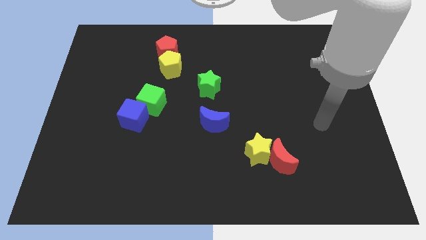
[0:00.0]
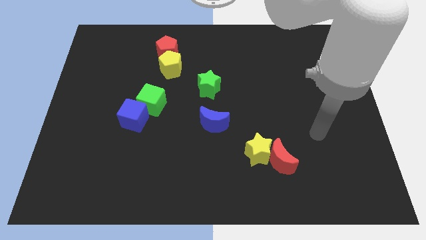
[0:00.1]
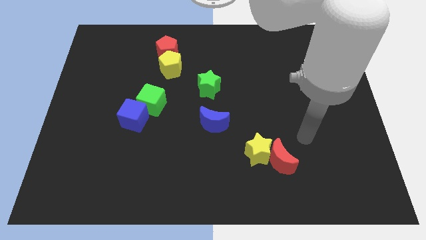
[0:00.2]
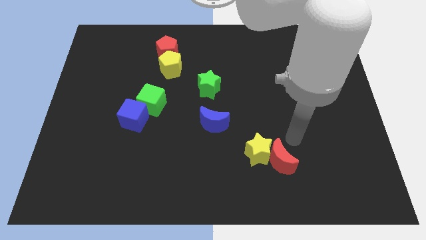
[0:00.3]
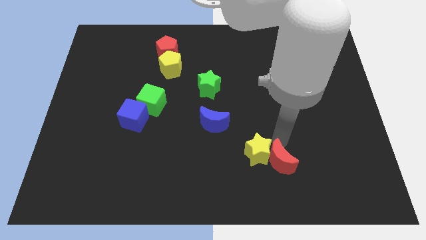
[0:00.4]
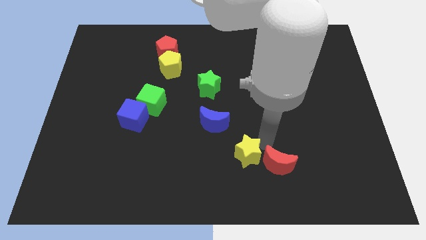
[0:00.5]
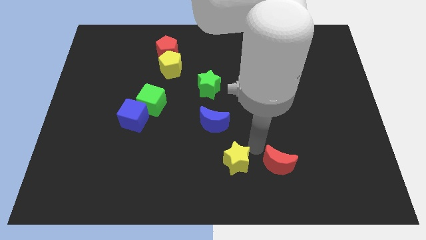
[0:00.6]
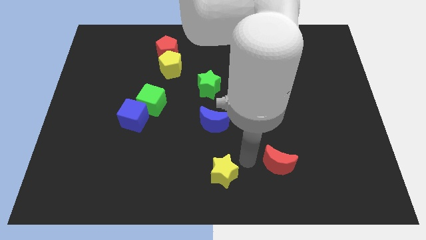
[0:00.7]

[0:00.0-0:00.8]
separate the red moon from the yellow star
== == ==
What the exercise asks:
Transcribe every line of the data exactly. No pictures go in the copy.

Response area:
[0:00.0]
[0:00.1]
[0:00.2]
[0:00.3]
[0:00.4]
[0:00.5]
[0:00.6]
[0:00.7]

[0:00.0-0:00.8]
separate the red moon from the yellow star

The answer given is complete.